En écrivant ce récit autobiographique en 1930,
Gabriel Chevallier a pris du recul pour nous livrer son regard sur la guerre.
Ce modeste témoignage met à bas la glorification des soldats.
Le poilu se montre critique, osant avouer
la peur comme moteur dans ce dialogue avec une infirmière :
— “Mais alors qu'avez-vous fait à la guerre?
— Ce qu'on m'a commandé, strictement. Je crains qu'il n'y ait là-dedans rien de très glorieux et qu'aucun des efforts qu'on m'a imposés n'ait été préjudiciable à l'ennemi…
— Que vous êtes énervant ! Répondez donc. On vous demande ce que vous avez fait ?
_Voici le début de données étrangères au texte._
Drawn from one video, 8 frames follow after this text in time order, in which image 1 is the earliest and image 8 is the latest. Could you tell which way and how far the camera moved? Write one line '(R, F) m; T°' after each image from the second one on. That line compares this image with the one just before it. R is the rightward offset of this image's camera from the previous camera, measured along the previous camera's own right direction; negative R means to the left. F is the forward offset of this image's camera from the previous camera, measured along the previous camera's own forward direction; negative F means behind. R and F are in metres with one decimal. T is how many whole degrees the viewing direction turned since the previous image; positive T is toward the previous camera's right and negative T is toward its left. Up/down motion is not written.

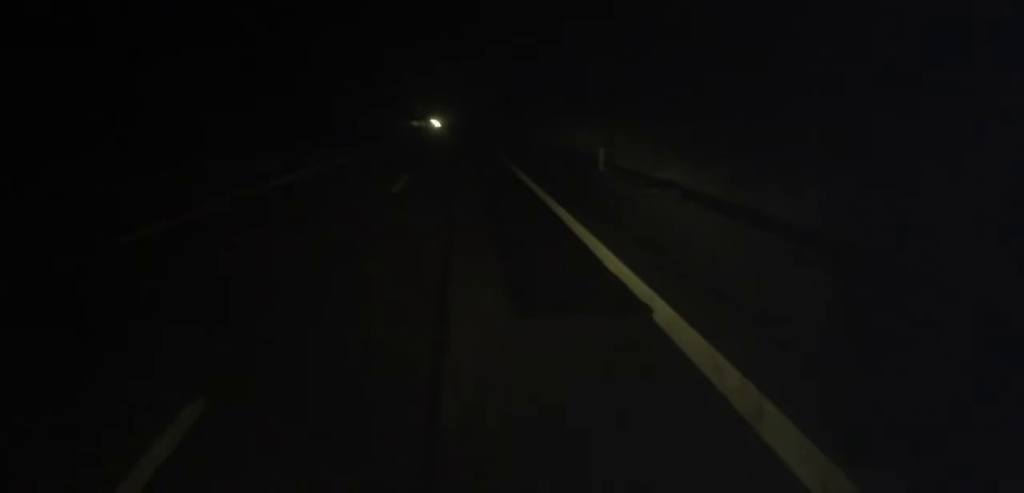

— Oui ?... Eh bien, j'ai marché de jour et de nuit, sans savoir où j'allais. J'ai fait l'exercice, passé des revues, creusé des tranchées, transporté des fils de fer, des sacs à terre, veillé au créneau. J'ai eu faim sans avoir à manger, soif sans avoir à boire, sommeil sans pouvoir dormir, froid sans pouvoir me réchauffer, et des poux sans pouvoir toujours me gratter... Voilà !
— C'est tout?
— Oui, c'est tout... Ou plutôt, non, ce n'est rien. Je vais vous dire la grande occupation de la guerre, la seule qui compte : J'AI EU PEUR.”
Des points de vue sont originalement exposés comme celui du fils critiqué par son père parce qu'il n'a pas brigué des galons !
Celui du regard de l'arrière tellement décourageant pour le soldat que certains renonceront à leur permission !
Le courrier écrit à sa soeur, rédigeant pour l'arrière une correspondance pleine de mensonges convenus, de mensonges qui "font bien" est émouvant.
Beaucoup cogitaient sur la bonne blessure à attraper!
Ce livre est une anti-apologie.
Jean-Yves le Naour dans son ouvrage “
120 ans de prix Goncourt” dit à propos du livre de Barbusse “Le Feu”, paru en 1916 : “...mais le vernis héroïque craque définitivement pour montrer la guerre dans toute sa crudité. Non plus la gloire, le chapeau qui claque au vent, et les soldats riant sous la mitraille mais la boue, le sang, la merde.”
Cette citation s'applique aussi à cet ouvrage qui articule toute la guerre autour de
la peur qui lui donne son titre courageux.